05 Feb 2025 2 min read

AI Quality Control: The Unsexy Secret to Spectacular Results 💎

Hello folks!

In today's Technical Tuesday, I've some highly practical tips on improving your generative AI applications from Hamel Husain and Hugo Bowne-Anderson!

Their secret sauce? "Looking at your data" (I know, I know - not exactly Netflix-worthy excitement 😅). But stick with me here...

Picture yourself as an AI detective 🔍 You're collecting evidence (LLM calls) and hunting for clues (errors). Sure, scrolling through text rows isn't as thrilling as binge-watching your favorite show, but it's how you catch your AI when it's being... less than brilliant. Whether you're building a CRM that converses in natural language with your users or an article summarizer, you want to be sure that your application is delivering on its promises for various conditions.

Convinced of the importance?
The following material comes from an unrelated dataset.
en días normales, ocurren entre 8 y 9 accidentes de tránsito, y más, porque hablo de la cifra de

Hamel has provided us with a 7 step process for error analysis, and some suggestions for tools.

Here are the 7 steps:

Start by collecting the telemetry of LLM calls. No real users yet? Hamel has some suggestions for you. We will cover this later on.
You want to have ground truth for what the output of your LLM calls should be. If your use case do not have ground truths (e.g. summaries), then you need good taste.
Inspect your data. Spreadsheets can be a good start!
Create a column named 'notes' where you indicate what went wrong with that particular row (if any).
Once you've gone through enough rows, you can create error categories, and assign each row an error category.
Next, create a pivot table to conduct analysis on the errors.
From here, you can decide your next steps- be it correcting certain type of errors, creating unit tests to stress test those categories, or developing LLM as a judge.
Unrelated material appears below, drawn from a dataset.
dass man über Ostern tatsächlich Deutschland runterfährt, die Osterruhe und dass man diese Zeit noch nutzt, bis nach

Now that you're armed with this spicy recipe, here are some tools that Hamel recommended:

Arize Phoenix: open-source AI observability platform designed for experimentation, evaluation, and troubleshooting
LangSmith: Similar to Arize Phoenix- AI observability platform
Braintrust: an end to end platform for building AI apps, but it also has features similar to those offered by Phoenix and LangSmith

Lastly- what if you do not have any users and real data for this process? Hamel recommends using synthetic data- asking a LLM to simulate a user and actual response pair. For example, you may want a frustrated user input along with the corresponding correct output.

Try these suggestions and let us know how it has helped your AI applications!